She hugged me then, pulled me so close that I could smell the leather of her coat.  'Ssshhh.  It's okay.  I know you have.  And yet, I've been right here all along.'

'Where is here exactly?'

'Oh, come on, now.  I think you know.'

I sniffed, wiped a dirty hand under my wet eyes and nose.  'I think I just made this all up because I need something.  Like, if I don't do it, I might just float away.  And yet, it still don't seem like it means anything.  I came from where I came from, and ended where I ended.  Everything inbetween just seems like...a dream.'  The last word came out kinda lame, because this felt like a dream too.  I couldn't explain it, but I was tying myself in knots.
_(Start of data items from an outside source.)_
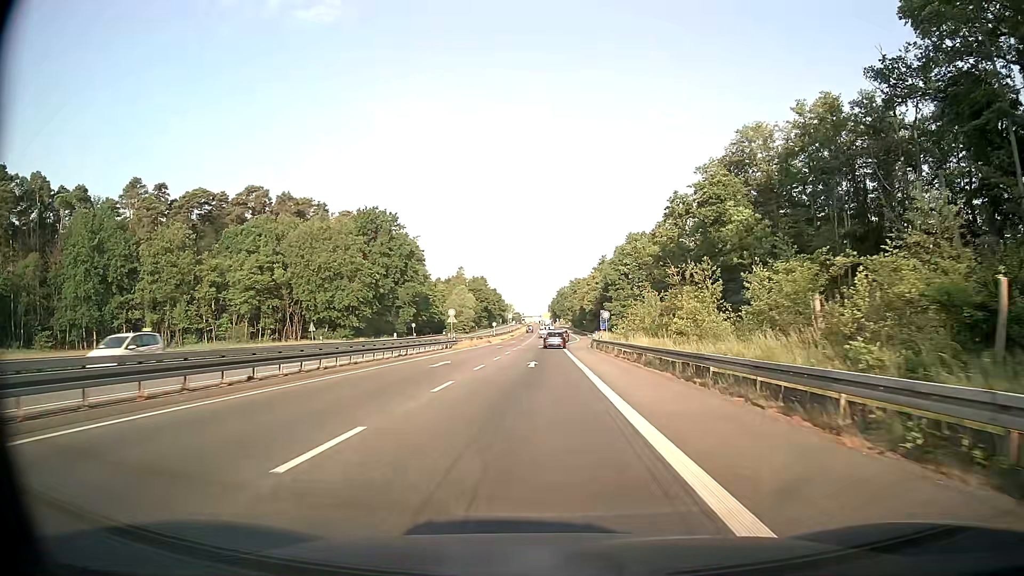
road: secondary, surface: asphalt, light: Day
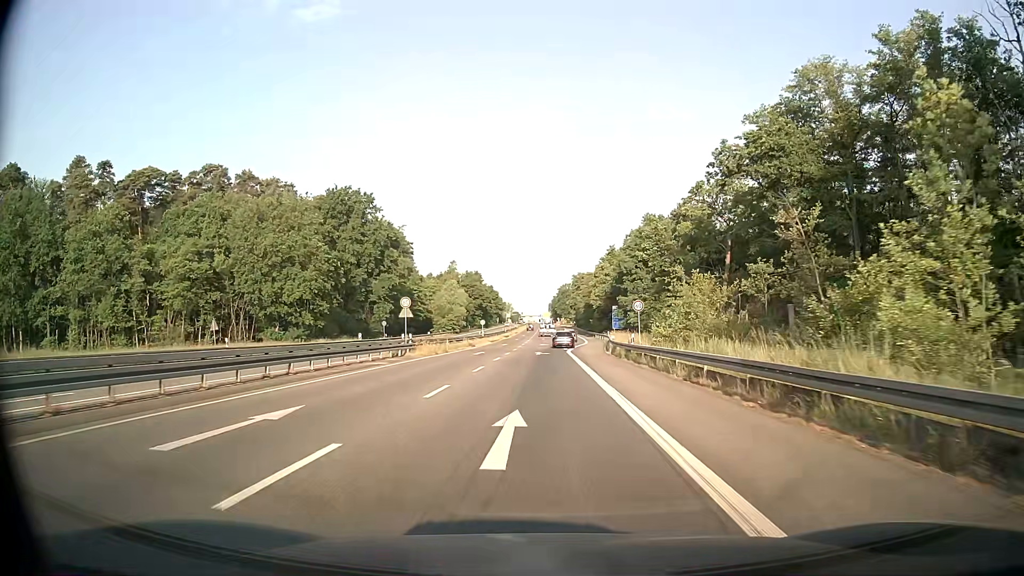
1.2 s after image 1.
(+0.1, +19.3) m; 0°
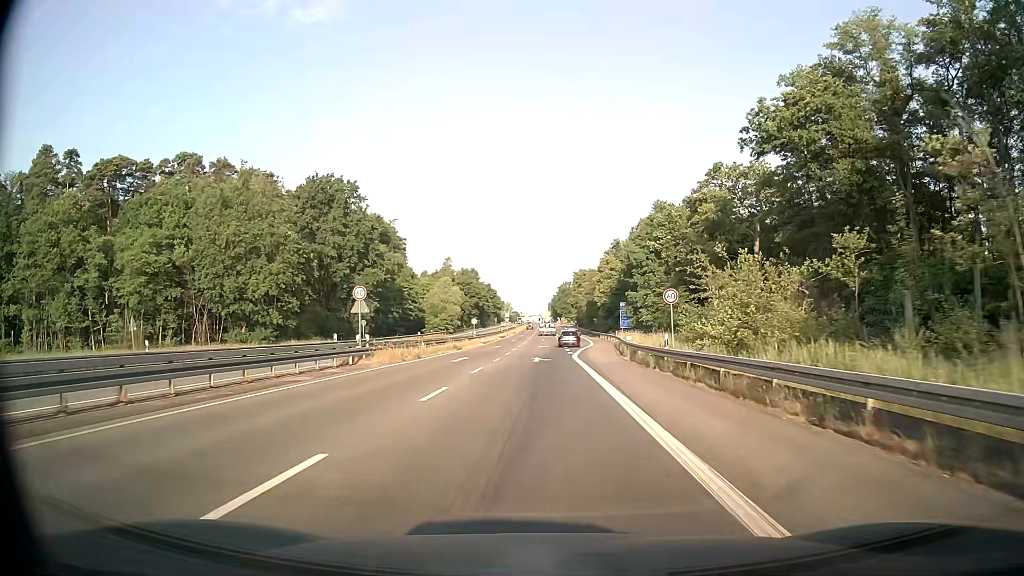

My mom's face was so kind.  You'd never have believed that she could knock out a six-foot man with one punch.  'There was nothing wrong with where you started out,' she said.

'So it's just since you left that it all went wrong?  'Cos it feels that way.  And it's not just me that's been looking.  I have a sister too.  She's a few years younger, been living out in the Sands, where they saw you last.  You never once said.'

Now it was her turn to cry.  'I'm so sorry.  I wanted to tell you.  I wanted us all to be together.  But there wasn't anywhere we could just be, and I felt so messed up that I just couldn't think straight.'

Tears dry quick under sun that hot.  We sat in silence for a minute or two after we were done, and then we both looked down at her empty holster at the same moment.  It felt like a sign.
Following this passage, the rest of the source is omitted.